The House Across The Lake – Riley Sager
I read a couple of Sager’s thrillers last October, and they had a nice dose of spookiness that butted up against the supernatural without being too weird. Most of his books were already claimed at the library and this was the one that remained, so download it I did. I was not disappointed, although it did have a crack or two that bugged me a bit.
In this book Casey Fletcher, an actress whose life fell apart after her husband’s death, is holed up in her family’s Vermont lake house, ostensibly to sober up. Instead, she spends her days drinking and using the high-powered binoculars her husband left behind to look around. One day she sees a swimmer struggling in the center of the lake, so races her boat out to save a woman just before she sunk under the water for the last time.

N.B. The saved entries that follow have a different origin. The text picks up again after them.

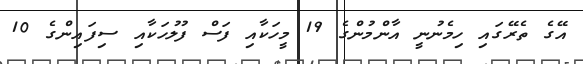
އޭގެ ތެރޭގައި ހިމެނުނީ އާންމުންގެ 19 މީހަކާއި ފަސް ފުލުހަކާއި ސިފައިންގެ 10
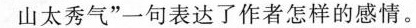
山太秀气”一句表达了作者怎样的感情。
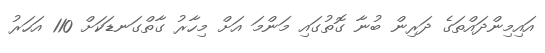
އައިމިންދައްތަގެ ދަރިން ބުނާ ގޮތުގައި މަންމަ އަށް މިހާރު ގާތްގަނޑަކަށް 110 އަހަރު
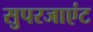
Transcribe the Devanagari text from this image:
सुपरजाएंट

Turns out that woman is a new neighbor, a retired supermodel who is married to a tech bro. Fletcher and the model strike up a quick friendship, although Fletcher notes that the model and her husband seem to have a strained marriage. She takes to staring into their house across the lake with the binoculars and sees strange things. Arguments. The wife sneaking through the house to look through her husband’s laptop. An actual physical confrontation. Then one day the wife is gone and the husband’s explanation does not add up.

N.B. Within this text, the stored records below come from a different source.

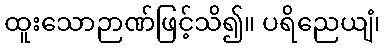
ထူးသောဉာဏ်ဖြင့်သိ၍။ ပရိညေယျံ၊
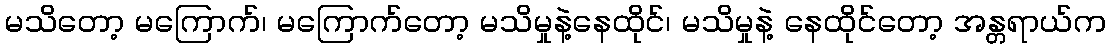
မသိတော့ မကြောက်၊ မကြောက်တော့ မသိမှုနဲ့နေထိုင်၊ မသိမှုနဲ့ နေထိုင်တော့ အန္တရာယ်က
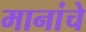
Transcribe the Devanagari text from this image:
मानांचे
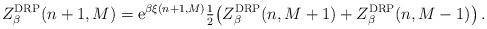
LaTeX: \begin{align*}Z_\beta^{\rm DRP}(n+1,M) = \mathrm{e}^{\beta \xi(n+1, M) } \tfrac{1}{2}\big( Z_\beta^{\rm DRP}(n,M+1) + Z_\beta^{\rm DRP}(n,M-1)\big)\,.\end{align*}
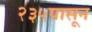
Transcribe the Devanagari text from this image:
२३५पासून
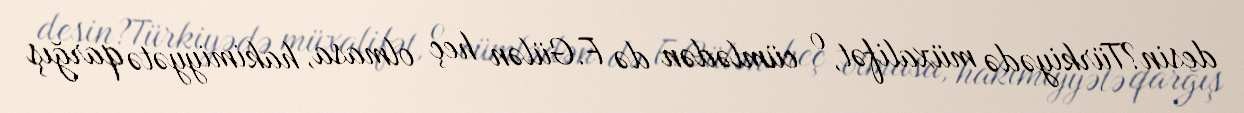
desin?Türkiyədə müxalifət, o cümlədən də F.Gülən heç olmasa, hakimiyyətə qarğış
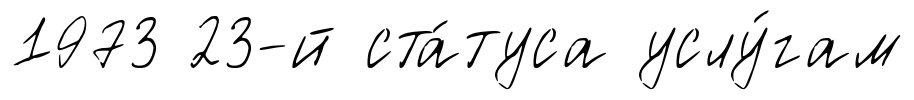
1973 23-й ста́туса услу́гам
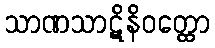
သာဏသာဋိနိဝတ္ထော
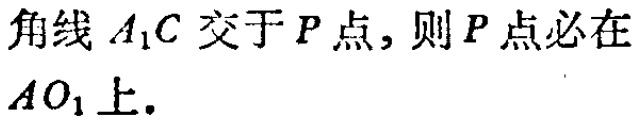
角线 \(A_{1}C\) 交于 \(P\) 点，则 \(P\) 点必在 \(AO_{1}\) 上.

Fletcher’s efforts to uncover the truth are a pretty standard, and entertaining, thriller. Sager hinted at some supernatural elements early but those got pushed aside rather quickly. The final quarter of the book brings those elements back in with a vengeance. So much so that I’m not sure if they worked. Or at least I wondered if I should go back and read the first couple chapters again to see if they jibed with how the book began.[1] Whether they totally align or not, they allow Sager to bring in a massive twist that is a true “Oh shit!” moment, which leads to some solid swings in plot over the last 50 pages.
Mechanics aside, it works, especially when you read it quickly in the spookiest time of the year. I’m not sure I buy into everything Sager did to get there, but the story itself was fun enough that I didn’t care too much about whether the logic totally clicked into place.